We’re still having this conversation. We are still seeing people getting sick. Among them are children. And too often we watch institutions remain silent about where their milk comes from, as if the name of the dairy product is a trade secret more valuable than the public’s right to protect itself.

I am not asking anyone to ban their farms or put dairy farmers in jail. I’ve spent my career suing companies, and I’d rather they not give me a reason.

I ask for three things that I have asked many times before:

First, tell the truth on the label.
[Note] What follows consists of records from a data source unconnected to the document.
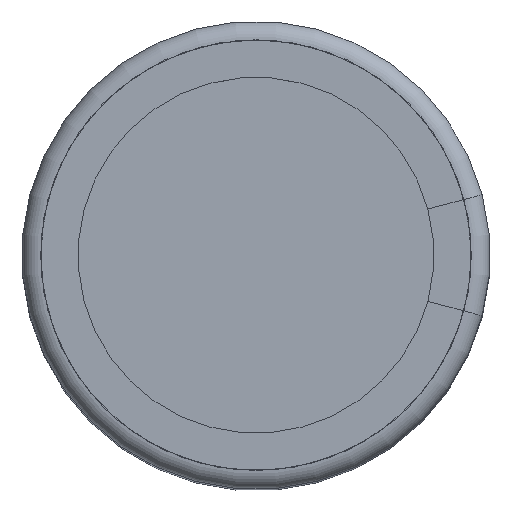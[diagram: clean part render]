
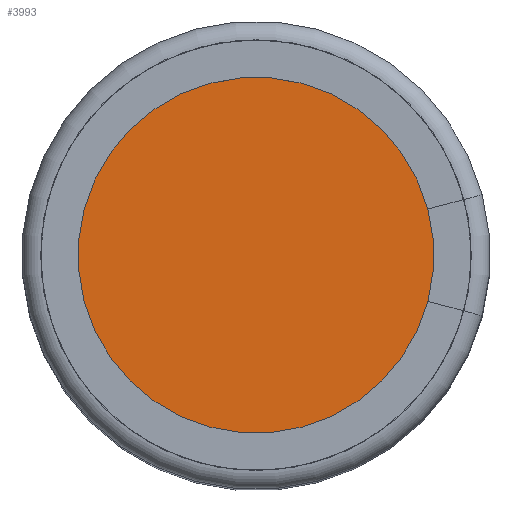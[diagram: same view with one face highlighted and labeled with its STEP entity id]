
A CAD part, top view. The second image highlights one B-rep face of the part: STEP entity #3993.
In plain terms, the highlighted planar face has unit normal (0, 0, 1).
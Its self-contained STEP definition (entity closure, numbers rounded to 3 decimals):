
#3993 = ADVANCED_FACE('',(#3994),#4007,.T.);
#3994 = FACE_BOUND('',#3995,.F.);
#3995 = EDGE_LOOP('',(#3996));
#3996 = ORIENTED_EDGE('',*,*,#3997,.F.);
#3997 = EDGE_CURVE('',#3998,#3998,#4000,.T.);
#3998 = VERTEX_POINT('',#3999);
#3999 = CARTESIAN_POINT('',(5.75,0.,24.9));
#4000 = SURFACE_CURVE('',#4001,(#4006,#4018),.PCURVE_S1.);
#4001 = CIRCLE('',#4002,5.75);
#4002 = AXIS2_PLACEMENT_3D('',#4003,#4004,#4005);
#4003 = CARTESIAN_POINT('',(0.,0.,24.9));
#4004 = DIRECTION('',(0.,-0.,1.));
#4005 = DIRECTION('',(1.,0.,0.));
#4006 = PCURVE('',#4007,#4012);
#4007 = PLANE('',#4008);
#4008 = AXIS2_PLACEMENT_3D('',#4009,#4010,#4011);
#4009 = CARTESIAN_POINT('',(0.,0.,24.9));
#4010 = DIRECTION('',(0.,0.,1.));
#4011 = DIRECTION('',(1.,0.,0.));
#4012 = DEFINITIONAL_REPRESENTATION('',(#4013),#4017);
#4013 = CIRCLE('',#4014,5.75);
#4014 = AXIS2_PLACEMENT_2D('',#4015,#4016);
#4015 = CARTESIAN_POINT('',(0.,0.));
#4016 = DIRECTION('',(1.,-0.));
#4017 = ( GEOMETRIC_REPRESENTATION_CONTEXT(2) 
PARAMETRIC_REPRESENTATION_CONTEXT() REPRESENTATION_CONTEXT('2D SPACE',''
  ) );
#4018 = PCURVE('',#4019,#4024);
#4019 = TOROIDAL_SURFACE('',#4020,5.75,0.4);
#4020 = AXIS2_PLACEMENT_3D('',#4021,#4022,#4023);
#4021 = CARTESIAN_POINT('',(0.,0.,24.5));
#4022 = DIRECTION('',(0.,0.,1.));
#4023 = DIRECTION('',(1.,0.,0.));
#4024 = DEFINITIONAL_REPRESENTATION('',(#4025),#4029);
#4025 = LINE('',#4026,#4027);
#4026 = CARTESIAN_POINT('',(0.,1.571));
#4027 = VECTOR('',#4028,1.);
#4028 = DIRECTION('',(1.,0.));
#4029 = ( GEOMETRIC_REPRESENTATION_CONTEXT(2) 
PARAMETRIC_REPRESENTATION_CONTEXT() REPRESENTATION_CONTEXT('2D SPACE',''
  ) );
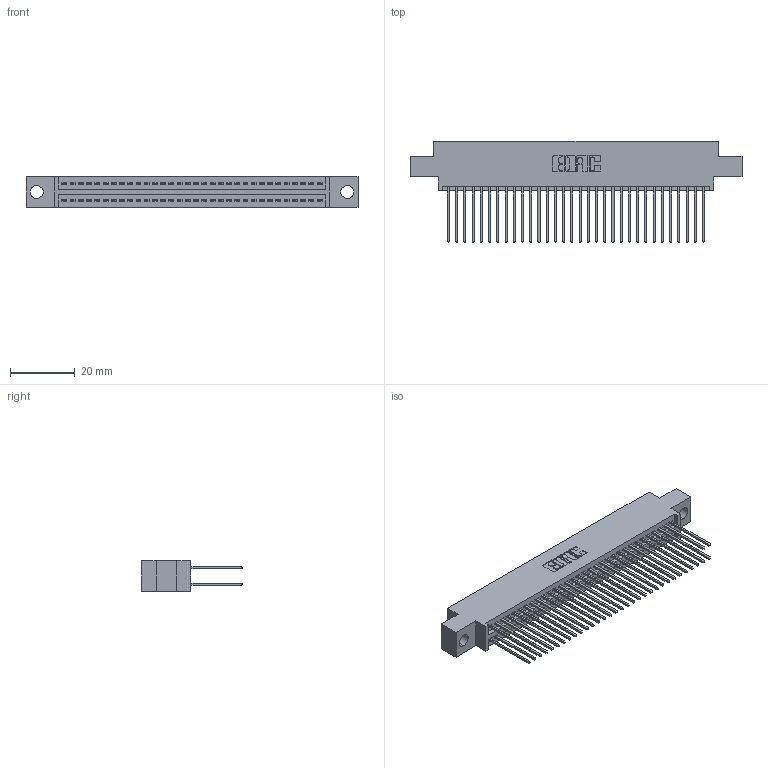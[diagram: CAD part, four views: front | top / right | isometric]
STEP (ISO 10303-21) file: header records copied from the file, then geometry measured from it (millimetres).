
FILE_DESCRIPTION (( 'STEP AP203' ), '1' );
FILE_NAME ('395-064-542-804.STEP', '2018-11-24T16:49:28', ( '' ), ( '' ), 'SwSTEP 2.0', 'SolidWorks 2016', '' );
FILE_SCHEMA (( 'CONFIG_CONTROL_DESIGN' ));
Length unit declared in the file: inch
Products named in the file (3): 345 Part_0.170 Offset - 0.156 Dia-TH; 395-064-542-804; 345-292-001_345-293-142
Assembly tree (65 placements, depth 2):
  395-064-542-804
    345 Part_0.170 Offset - 0.156 Dia-TH
    345-292-001_345-293-142  x64
Bounding box: 102.49 x 31.29 x 9.4 mm (x, y, z)
Volume: 9960.2 mm3; surface area: 15882 mm2
Topology: 65 solids, 65 shells, 3330 faces, 9889 edges, 6506 vertices
Faces by surface type: plane 2196, cylinder 1134
Entity records: 26607 total; most frequent: CARTESIAN_POINT 4472, ORIENTED_EDGE 4406, DIRECTION 3955, EDGE_CURVE 2203, LINE 1943, VECTOR 1943, VERTEX_POINT 1466, AXIS2_PLACEMENT_3D 1006

When I urged Wisconsin to reject its raw milk bill a few years ago, I argued that all raw milk sold should carry a blunt warning that it is at least unpasteurized and may contain E. coli O157:H7, Campylobacter, Listeria and Salmonella, infections that can mean hemolytic uremic syndrome, Guillain-Barre syndrome, reactive arthritis, miscarriage or death, and pose the greatest risk to children, pregnant women, the elderly and the elderly. Have low immunity. Consumers deserve to make informed choices. They can’t do that in the dark.

Second, if an outbreak occurs, identify the source. fast. Silence does not protect the public. Protects the accused.

Thirdly, this is the simplest way. The milk is pasteurized. Pasteurization is not a corporate conspiracy. Transforming a high-risk product into a safe product without meaningfully changing what’s in the glass is a 150-year public health victory. Why should raw milk be held to a lower standard than a hamburger, peanut butter, or bag of spinach? You shouldn’t do that.

I understand the appeal of food that feels close to the land. I have nothing against farmers or family dairies. But Mari Tardiff believed her milk was pure. So did Jim Orchard. The trust did not put them in intensive care.

Drink pasteurized milk. Not using a ventilator is the easiest decision.